Fast hydrological model calibration based on the heterogeneous parallel computing accelerated shuffled complex evolution method

• Published in: Engineering optimization Vol. 50; no. 1; pp. 106 - 119
• Main Authors: Kan, Guangyuan, He, Xiaoyan, Ding, Liuqian, Li, Jiren, Hong, Yang, Zuo, Depeng, Ren, Minglei, Lei, Tianjie, Liang, Ke
• Format: Journal Article
• Language: English
• Published: Abingdon Taylor & Francis 02.01.2018; Taylor & Francis Ltd
• Subjects: Atmospheric pressure; Calibration; Computing time; CUDA; Evolution; heterogeneous parallel computing; Hydrologic models; Hydrology; Hydrometeorology; Model calibration; OpenMP; Rainfall; Rainfall-runoff relationships; Sensitivity analysis; Simulation; Xinanjiang model
• ISSN: 0305-215X; 1029-0273
• DOI: 10.1080/0305215X.2017.1303053

Hydrological model calibration has been a hot issue for decades. The shuffled complex evolution method developed at the University of Arizona (SCE-UA) has been proved to be an effective and robust optimization approach. However, its computational efficiency deteriorates significantly when the amount of hydrometeorological data increases. In recent years, the rise of heterogeneous parallel computing has brought hope for the acceleration of hydrological model calibration. This study proposed a parallel SCE-UA method and applied it to the calibration of a watershed rainfall-runoff model, the Xinanjiang model.

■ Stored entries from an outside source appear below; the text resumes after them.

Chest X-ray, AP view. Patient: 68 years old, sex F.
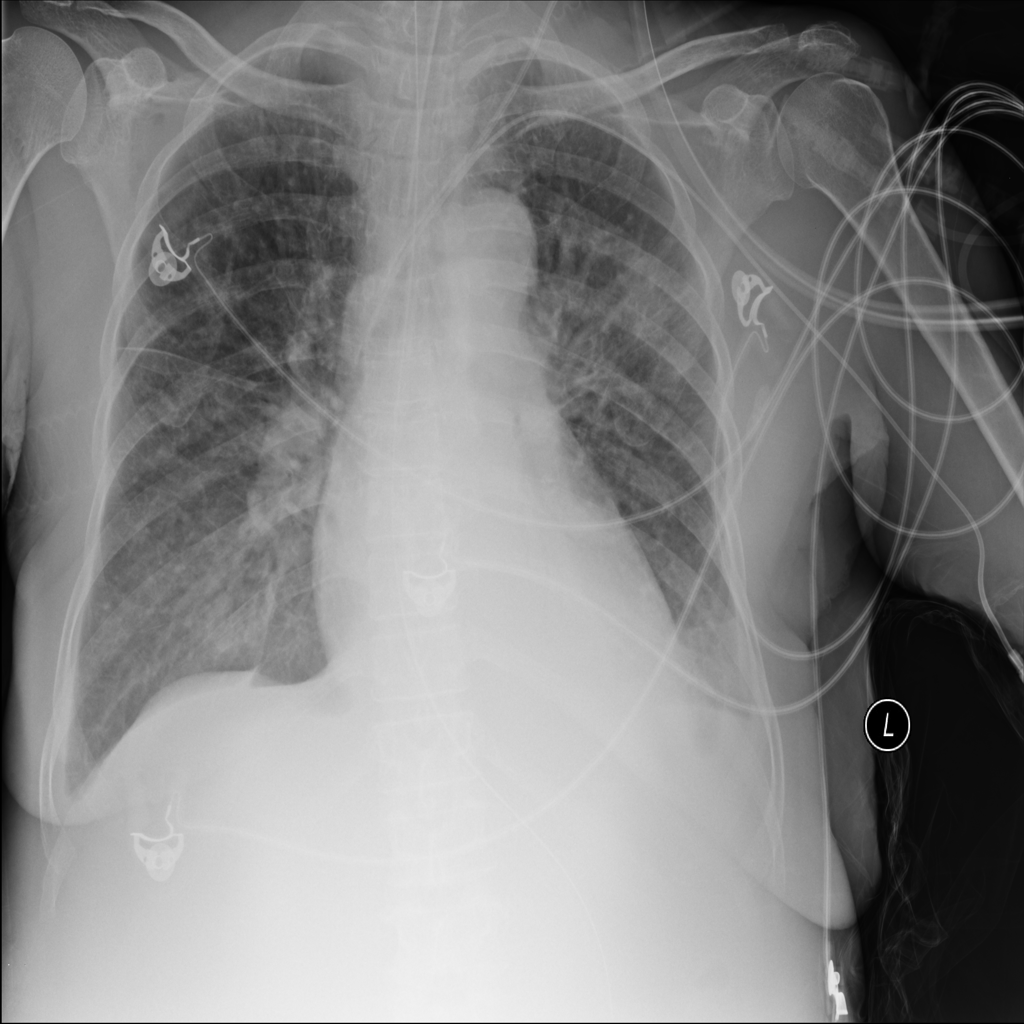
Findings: Effusion, Infiltration, Nodule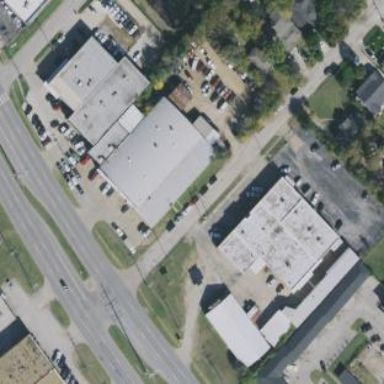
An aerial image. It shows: Car repair building.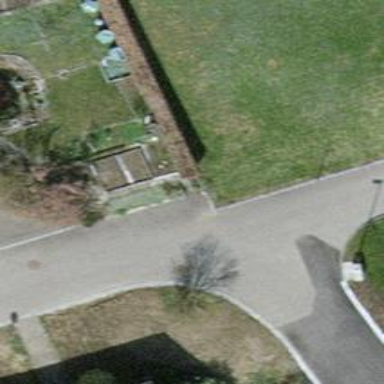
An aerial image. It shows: Residential road.
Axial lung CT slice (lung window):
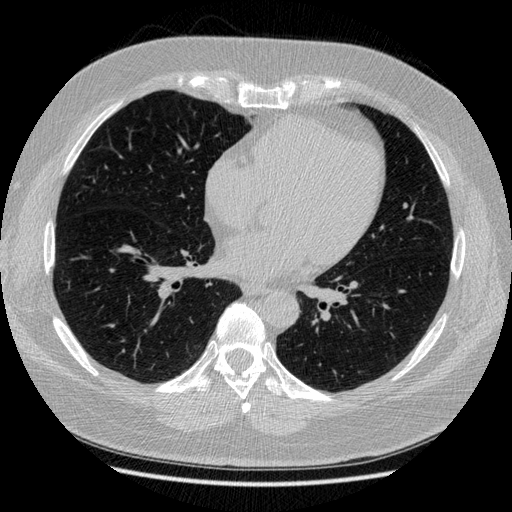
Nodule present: no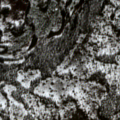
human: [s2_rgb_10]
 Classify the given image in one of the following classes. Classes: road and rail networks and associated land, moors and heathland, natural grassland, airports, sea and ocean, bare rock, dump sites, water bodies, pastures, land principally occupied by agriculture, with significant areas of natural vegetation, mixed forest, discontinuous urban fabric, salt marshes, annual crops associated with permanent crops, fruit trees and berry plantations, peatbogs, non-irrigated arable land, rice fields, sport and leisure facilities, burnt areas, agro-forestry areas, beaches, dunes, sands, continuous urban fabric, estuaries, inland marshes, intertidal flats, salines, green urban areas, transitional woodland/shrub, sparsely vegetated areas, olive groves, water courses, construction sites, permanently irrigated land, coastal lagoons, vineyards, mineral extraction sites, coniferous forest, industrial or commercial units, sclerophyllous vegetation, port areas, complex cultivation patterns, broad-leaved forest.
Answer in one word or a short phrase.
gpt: coniferous forest, transitional woodland/shrub

The parallel method was implemented on heterogeneous computing systems using OpenMP and CUDA. Performance testing and sensitivity analysis were carried out to verify its correctness and efficiency. Comparison results indicated that heterogeneous parallel computing-accelerated SCE-UA converged much more quickly than the original serial version and possessed satisfactory accuracy and stability for the task of fast hydrological model calibration.